### RAW DATA
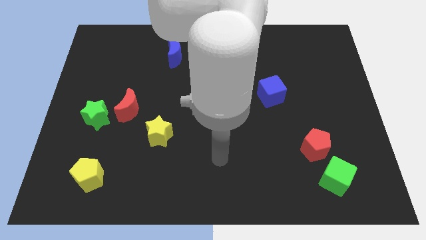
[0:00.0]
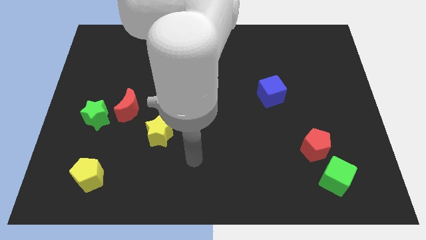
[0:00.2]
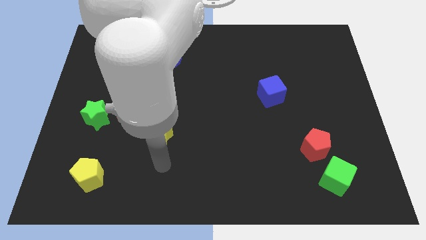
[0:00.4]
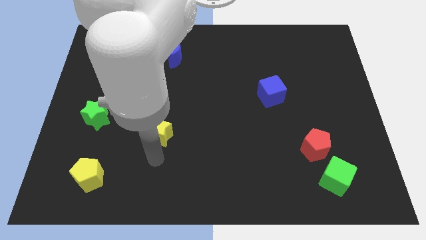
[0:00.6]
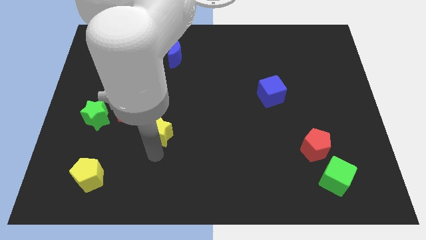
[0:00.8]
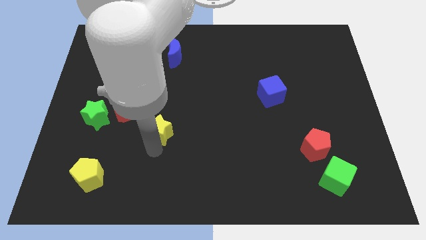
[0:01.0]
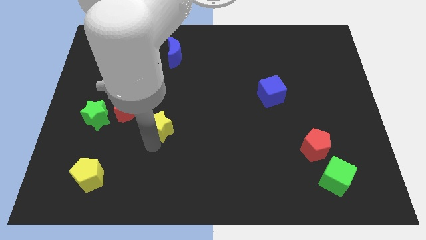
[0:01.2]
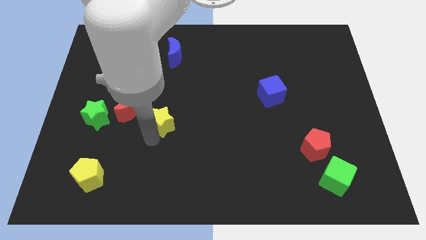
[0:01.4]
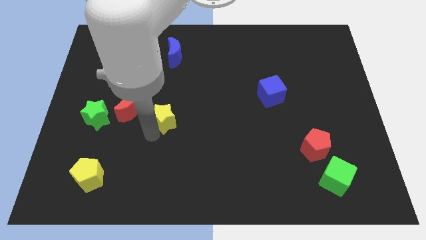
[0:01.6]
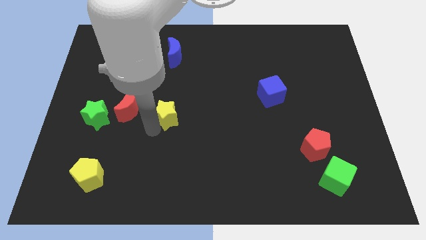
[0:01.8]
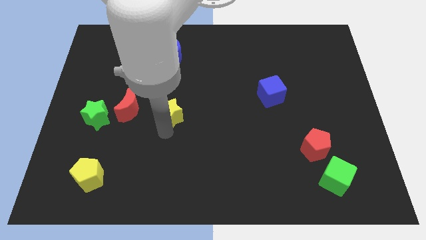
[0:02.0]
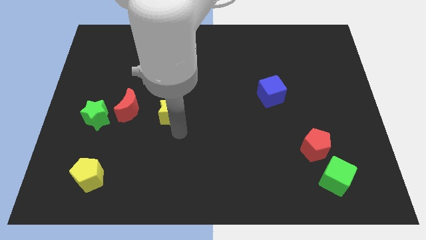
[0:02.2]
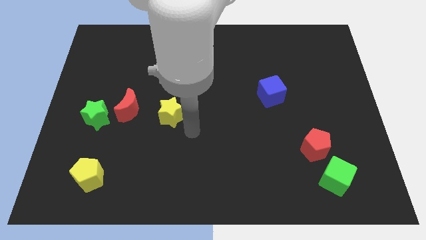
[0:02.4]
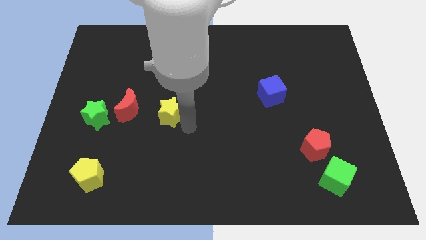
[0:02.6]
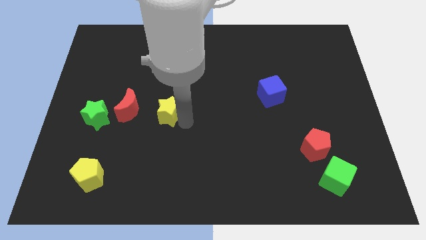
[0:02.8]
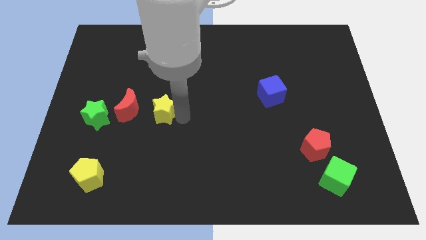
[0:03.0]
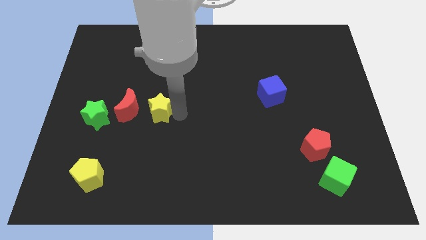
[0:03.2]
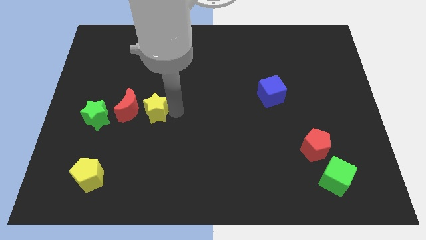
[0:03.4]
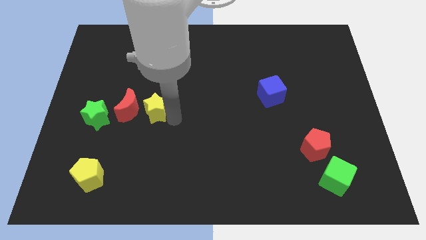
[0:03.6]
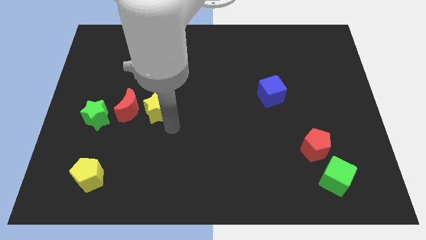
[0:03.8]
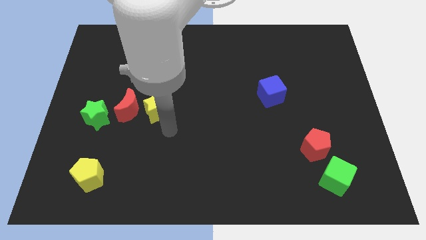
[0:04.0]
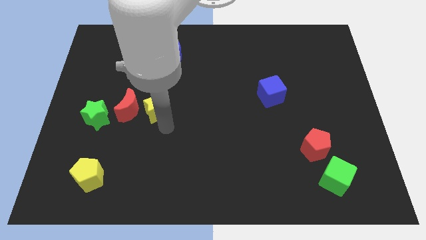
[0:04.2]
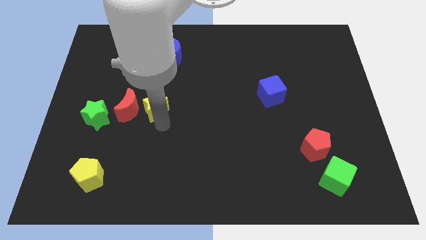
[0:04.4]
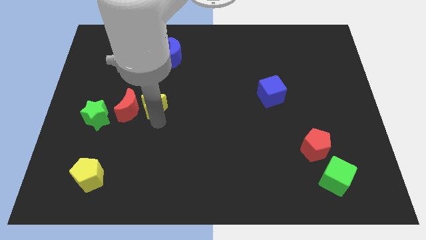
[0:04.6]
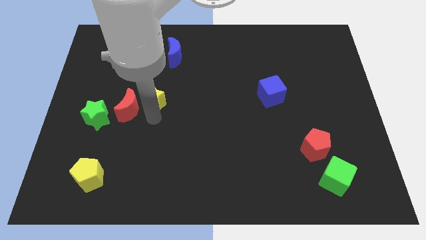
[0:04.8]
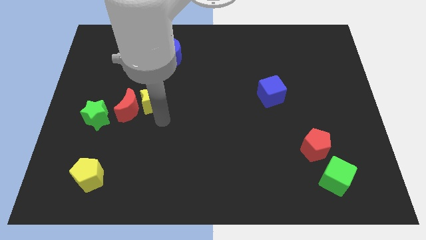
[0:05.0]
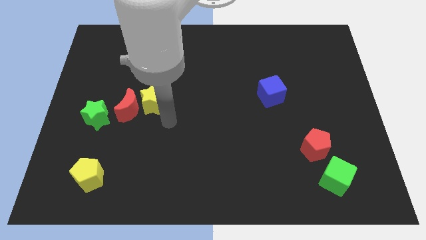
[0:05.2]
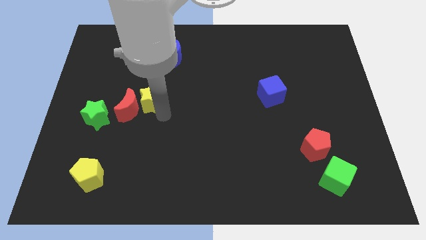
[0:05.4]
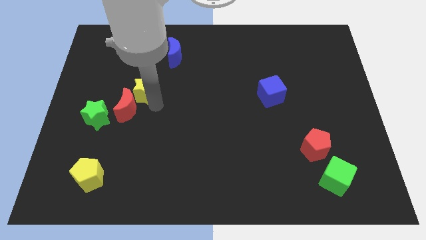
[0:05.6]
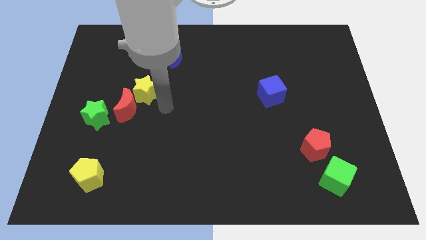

### EXERCISE DETAILS
The records above must be output exactly, except for the pictures.

### ANSWER BELOW
[0:00.0]
[0:00.2]
[0:00.4]
[0:00.6]
[0:00.8]
[0:01.0]
[0:01.2]
[0:01.4]
[0:01.6]
[0:01.8]
[0:02.0]
[0:02.2]
[0:02.4]
[0:02.6]
[0:02.8]
[0:03.0]
[0:03.2]
[0:03.4]
[0:03.6]
[0:03.8]
[0:04.0]
[0:04.2]
[0:04.4]
[0:04.6]
[0:04.8]
[0:05.0]
[0:05.2]
[0:05.4]
[0:05.6]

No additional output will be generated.